§ WHAT THIS TASK INVOLVES
From the line holding "Modality: T2w" to the final line below, restate each line word for word and add nothing.

§ INFORMATION SUPPLIED
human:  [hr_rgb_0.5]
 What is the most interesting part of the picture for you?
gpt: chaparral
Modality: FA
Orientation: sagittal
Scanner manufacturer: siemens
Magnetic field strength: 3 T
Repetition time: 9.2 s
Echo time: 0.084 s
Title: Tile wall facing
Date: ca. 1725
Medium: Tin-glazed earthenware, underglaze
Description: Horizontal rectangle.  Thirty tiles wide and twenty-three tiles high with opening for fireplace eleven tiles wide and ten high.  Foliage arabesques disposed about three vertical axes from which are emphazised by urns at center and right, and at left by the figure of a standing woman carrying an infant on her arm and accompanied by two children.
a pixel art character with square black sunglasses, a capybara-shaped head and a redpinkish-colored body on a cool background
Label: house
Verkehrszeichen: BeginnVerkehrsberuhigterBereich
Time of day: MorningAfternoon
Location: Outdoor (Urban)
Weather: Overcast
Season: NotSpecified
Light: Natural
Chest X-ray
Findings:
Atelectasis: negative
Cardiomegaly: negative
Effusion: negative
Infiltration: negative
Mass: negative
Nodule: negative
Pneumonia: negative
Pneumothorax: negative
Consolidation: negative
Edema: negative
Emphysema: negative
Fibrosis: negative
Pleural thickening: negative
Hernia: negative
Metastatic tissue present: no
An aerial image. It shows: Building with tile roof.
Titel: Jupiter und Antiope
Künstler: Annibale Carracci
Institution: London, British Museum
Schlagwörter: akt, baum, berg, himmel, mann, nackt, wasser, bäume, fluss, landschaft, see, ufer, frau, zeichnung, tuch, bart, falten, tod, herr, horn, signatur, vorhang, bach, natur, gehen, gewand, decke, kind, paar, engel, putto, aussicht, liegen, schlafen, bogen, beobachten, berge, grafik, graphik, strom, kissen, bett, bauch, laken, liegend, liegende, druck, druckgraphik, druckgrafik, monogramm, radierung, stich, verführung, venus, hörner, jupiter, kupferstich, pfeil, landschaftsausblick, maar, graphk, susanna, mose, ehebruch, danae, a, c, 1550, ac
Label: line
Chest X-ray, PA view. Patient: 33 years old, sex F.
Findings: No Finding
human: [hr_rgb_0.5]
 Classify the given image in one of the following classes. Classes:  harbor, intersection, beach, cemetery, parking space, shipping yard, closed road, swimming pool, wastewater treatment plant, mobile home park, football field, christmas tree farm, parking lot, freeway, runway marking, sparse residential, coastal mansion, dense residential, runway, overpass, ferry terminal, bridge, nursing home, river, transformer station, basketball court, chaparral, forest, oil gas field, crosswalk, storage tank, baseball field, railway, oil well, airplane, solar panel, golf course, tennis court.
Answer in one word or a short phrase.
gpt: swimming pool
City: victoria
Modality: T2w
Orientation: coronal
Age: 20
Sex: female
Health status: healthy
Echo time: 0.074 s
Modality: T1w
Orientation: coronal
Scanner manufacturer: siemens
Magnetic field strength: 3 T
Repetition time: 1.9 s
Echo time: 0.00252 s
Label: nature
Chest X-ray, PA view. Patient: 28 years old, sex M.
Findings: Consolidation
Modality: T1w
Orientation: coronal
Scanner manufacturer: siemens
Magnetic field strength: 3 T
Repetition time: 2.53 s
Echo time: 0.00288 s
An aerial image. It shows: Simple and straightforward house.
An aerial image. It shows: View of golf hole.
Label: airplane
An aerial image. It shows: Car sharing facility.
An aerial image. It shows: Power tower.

§ COMPLETED EXERCISE
Modality: T2w
Orientation: coronal
Age: 20
Sex: female
Health status: healthy
Echo time: 0.074 s
Modality: T1w
Orientation: coronal
Scanner manufacturer: siemens
Magnetic field strength: 3 T
Repetition time: 1.9 s
Echo time: 0.00252 s
Label: nature
Chest X-ray, PA view. Patient: 28 years old, sex M.
Findings: Consolidation
Modality: T1w
Orientation: coronal
Scanner manufacturer: siemens
Magnetic field strength: 3 T
Repetition time: 2.53 s
Echo time: 0.00288 s
An aerial image. It shows: Simple and straightforward house.
An aerial image. It shows: View of golf hole.
Label: airplane
An aerial image. It shows: Car sharing facility.
An aerial image. It shows: Power tower.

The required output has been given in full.